Tag Archives: Taylor Dobbs

Quick Follow-Up: How Many Lawmakers Have Experienced Homelessness?

The latest installment of VTDigger’s series on legislative ethics and financial disclosure is essentially a redo of one of my all-time favorite stories about the Statehouse: Taylor Dobbs’ “House of Landlords,” a 2019 exploration of how many lawmakers are landlords, property managers or contractors, and how that affects lawmaking.

The answer then, as it is now, is (a) a whole awful lot who (b) seem disinclined to enact any laws that might affect the interests of the propertied class.

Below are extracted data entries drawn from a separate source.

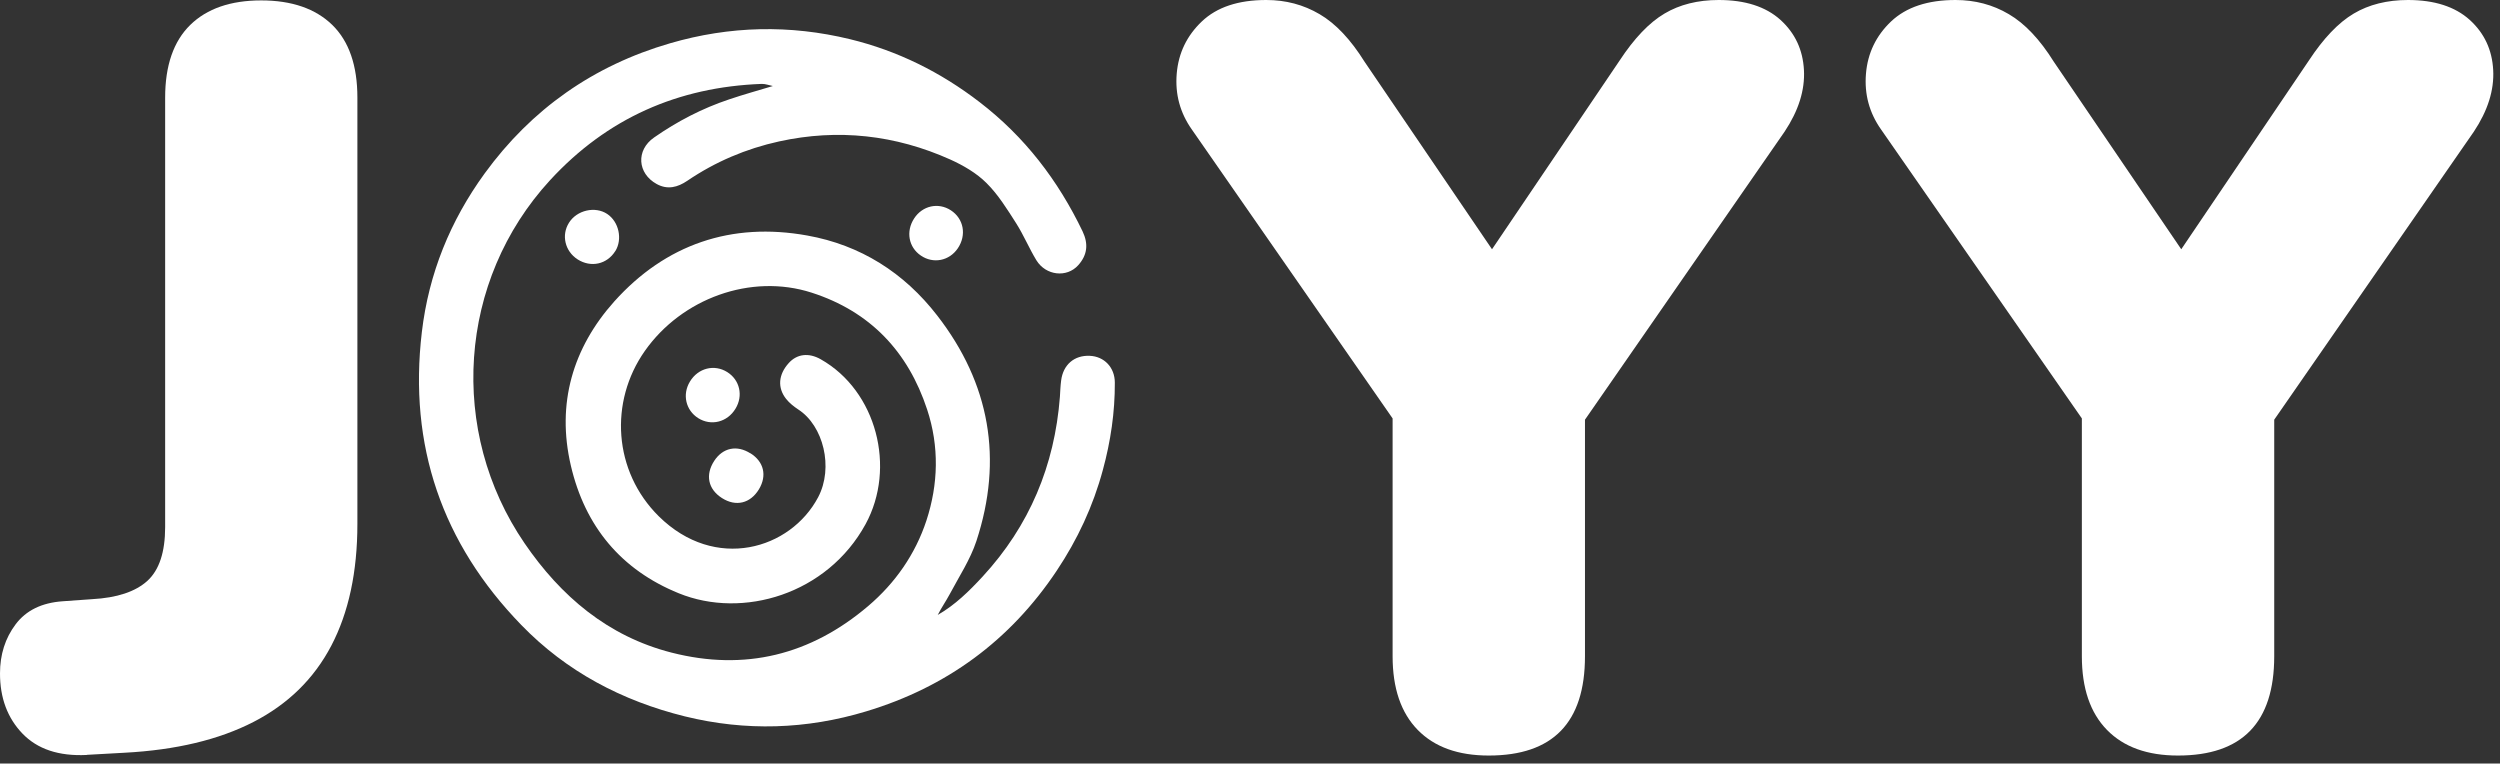 <svg width="203" height="62" viewBox="0 0 203 62" fill="none" xmlns="http://www.w3.org/2000/svg">
<rect x="0" y="0" width="203" height="62" fill="#333333" stroke="none"/>
<g clip-path="url(#clip0_110_236)">
<path d="M7.04 61.303C4.78 61.413 3.04 60.833 1.82 59.563C0.6 58.293 0 56.663 0 54.683C0 53.153 0.42 51.823 1.27 50.693C2.12 49.563 3.39 48.943 5.09 48.823L7.47 48.653C9.51 48.543 11 48.043 11.97 47.163C12.93 46.283 13.41 44.833 13.41 42.793V7.923C13.41 5.323 14.09 3.353 15.45 2.023C16.8 0.703 18.72 0.033 21.21 0.033C23.7 0.033 25.62 0.703 26.98 2.023C28.34 3.353 29.02 5.323 29.02 7.923V42.543C29.02 46.443 28.31 49.743 26.9 52.433C25.49 55.123 23.38 57.183 20.58 58.623C17.78 60.063 14.29 60.903 10.1 61.123L7.05 61.293L7.04 61.303Z" fill="white"/>
<path d="M62.784 6.993C62.474 6.933 62.154 6.803 61.854 6.813C55.054 7.063 49.294 9.603 44.664 14.633C37.174 22.783 36.384 35.033 42.594 44.113C45.534 48.413 49.364 51.673 54.534 52.993C60.484 54.513 65.824 53.183 70.494 49.213C72.694 47.343 74.324 45.003 75.224 42.273C76.194 39.313 76.274 36.253 75.284 33.253C73.734 28.543 70.654 25.293 65.904 23.763C60.964 22.173 55.354 24.243 52.364 28.493C49.454 32.623 49.804 38.273 53.494 41.923C58.074 46.443 64.194 44.613 66.434 40.373C67.704 37.963 66.854 34.563 64.824 33.253C64.464 33.013 64.104 32.733 63.834 32.393C63.114 31.483 63.204 30.413 64.044 29.483C64.714 28.733 65.674 28.623 66.644 29.173C71.184 31.743 72.784 37.983 70.284 42.563C67.174 48.253 60.314 50.293 55.114 48.173C50.434 46.273 47.504 42.743 46.354 37.813C45.174 32.763 46.514 28.243 49.884 24.473C54.044 19.843 59.384 18.013 65.544 19.123C69.864 19.893 73.414 22.143 76.104 25.623C80.384 31.143 81.464 37.293 79.284 43.933C78.784 45.443 77.874 46.823 77.114 48.253C76.814 48.813 76.444 49.343 76.144 49.933C77.554 49.123 78.694 48.003 79.784 46.823C83.594 42.693 85.634 37.803 86.064 32.223C86.094 31.783 86.104 31.343 86.164 30.903C86.324 29.613 87.234 28.833 88.494 28.893C89.654 28.943 90.524 29.823 90.524 31.073C90.534 33.473 90.184 35.843 89.554 38.153C88.764 41.093 87.494 43.813 85.804 46.343C82.024 52.013 76.844 55.803 70.334 57.763C65.474 59.233 60.544 59.383 55.624 58.173C50.524 56.913 45.994 54.533 42.324 50.743C35.894 44.113 33.164 36.183 34.254 26.963C34.814 22.213 36.564 17.923 39.354 14.083C43.154 8.863 48.184 5.323 54.414 3.513C59.254 2.103 64.134 1.993 69.024 3.183C72.884 4.123 76.374 5.853 79.544 8.293C83.214 11.113 85.914 14.643 87.904 18.783C88.394 19.813 88.294 20.703 87.554 21.533C86.624 22.573 84.924 22.383 84.154 21.133C83.564 20.163 83.124 19.093 82.514 18.133C81.784 16.993 81.054 15.803 80.104 14.863C79.294 14.053 78.224 13.433 77.164 12.953C72.704 10.953 68.054 10.433 63.264 11.483C60.584 12.073 58.084 13.133 55.804 14.683C55.034 15.203 54.214 15.433 53.324 14.943C51.754 14.083 51.624 12.193 53.114 11.163C54.994 9.853 57.014 8.803 59.194 8.073C60.374 7.673 61.574 7.343 62.764 6.983C62.814 6.953 62.864 6.923 62.924 6.893C62.874 6.933 62.824 6.963 62.774 7.003L62.784 6.993Z" fill="white"/>
<path d="M49.964 20.383C49.294 21.463 47.984 21.753 46.904 21.063C45.874 20.403 45.564 19.093 46.204 18.083C46.844 17.063 48.324 16.723 49.304 17.373C50.254 18.003 50.564 19.423 49.964 20.393V20.383Z" fill="white"/>
<path d="M60.934 36.803C62.034 37.493 62.294 38.623 61.624 39.733C60.924 40.883 59.754 41.163 58.624 40.443C57.494 39.723 57.254 38.563 57.994 37.423C58.694 36.353 59.834 36.113 60.934 36.813V36.803Z" fill="white"/>
<path d="M56.023 30.983C56.684 29.883 58.004 29.553 59.053 30.213C60.074 30.853 60.364 32.133 59.724 33.183C59.063 34.283 57.743 34.613 56.694 33.953C55.684 33.313 55.383 32.033 56.023 30.983Z" fill="white"/>
<path d="M74.224 17.743C74.894 16.703 76.184 16.413 77.204 17.073C78.254 17.753 78.504 19.083 77.774 20.163C77.084 21.183 75.784 21.443 74.774 20.753C73.774 20.073 73.544 18.793 74.224 17.743Z" fill="white"/>
<path d="M120.89 61.35C118.4 61.35 116.48 60.66 115.12 59.27C113.76 57.88 113.08 55.89 113.08 53.29V30.04L116.3 38.61L96.78 10.52C95.82 9.16 95.41 7.65 95.55 5.98C95.69 4.31 96.37 2.9 97.59 1.74C98.81 0.58 100.55 0 102.82 0C104.4 0 105.84 0.38 107.15 1.15C108.45 1.91 109.67 3.2 110.8 5.01L122.68 22.49H119.63L131.51 4.92C132.7 3.11 133.91 1.84 135.16 1.1C136.39 0.37 137.86 0 139.56 0C141.71 0 143.38 0.54 144.57 1.61C145.76 2.69 146.39 4.04 146.48 5.68C146.57 7.32 146.04 8.99 144.91 10.69L125.56 38.61L128.7 30.04V53.29C128.7 58.67 126.1 61.35 120.89 61.35Z" fill="white"/>
<path d="M176.857 61.35C174.367 61.35 172.447 60.66 171.087 59.27C169.727 57.88 169.047 55.89 169.047 53.29V30.04L172.267 38.61L152.747 10.52C151.787 9.16 151.377 7.65 151.517 5.98C151.657 4.31 152.337 2.9 153.557 1.74C154.787 0.58 156.527 0 158.787 0C160.367 0 161.817 0.38 163.117 1.15C164.417 1.91 165.637 3.2 166.767 5.01L178.647 22.49H175.597L187.477 4.92C188.667 3.11 189.877 1.84 191.127 1.1C192.357 0.37 193.837 0 195.527 0C197.677 0 199.347 0.54 200.537 1.61C201.727 2.69 202.357 4.04 202.447 5.68C202.537 7.32 202.007 8.99 200.877 10.69L181.527 38.61L184.667 30.04V53.29C184.667 58.67 182.067 61.35 176.857 61.35Z" fill="white"/>
</g>
<defs>
<clipPath id="clip0_110_236">
<rect width="202.457" height="61.35" fill="white"/>
</clipPath>
</defs>
</svg>

Well, the Digger story focuses on landlords versus renters and as in 2019, the former are thick on the ground while the latter are scarce as hen’s teeth. One consequence of this imbalance, now as then, is a lack of movement on creating a statewide rental registry. Similarly, there’s no action to be seen on limiting no-cause evictions. The very concept is gunned down in a hail of anecdotes about longsuffering landlords and dissolute tenants. Rarely if ever do we hear the other side of the story — hardworking tenants who pay their rent on time and struggle to get their landlords to do necessary maintenance or repair.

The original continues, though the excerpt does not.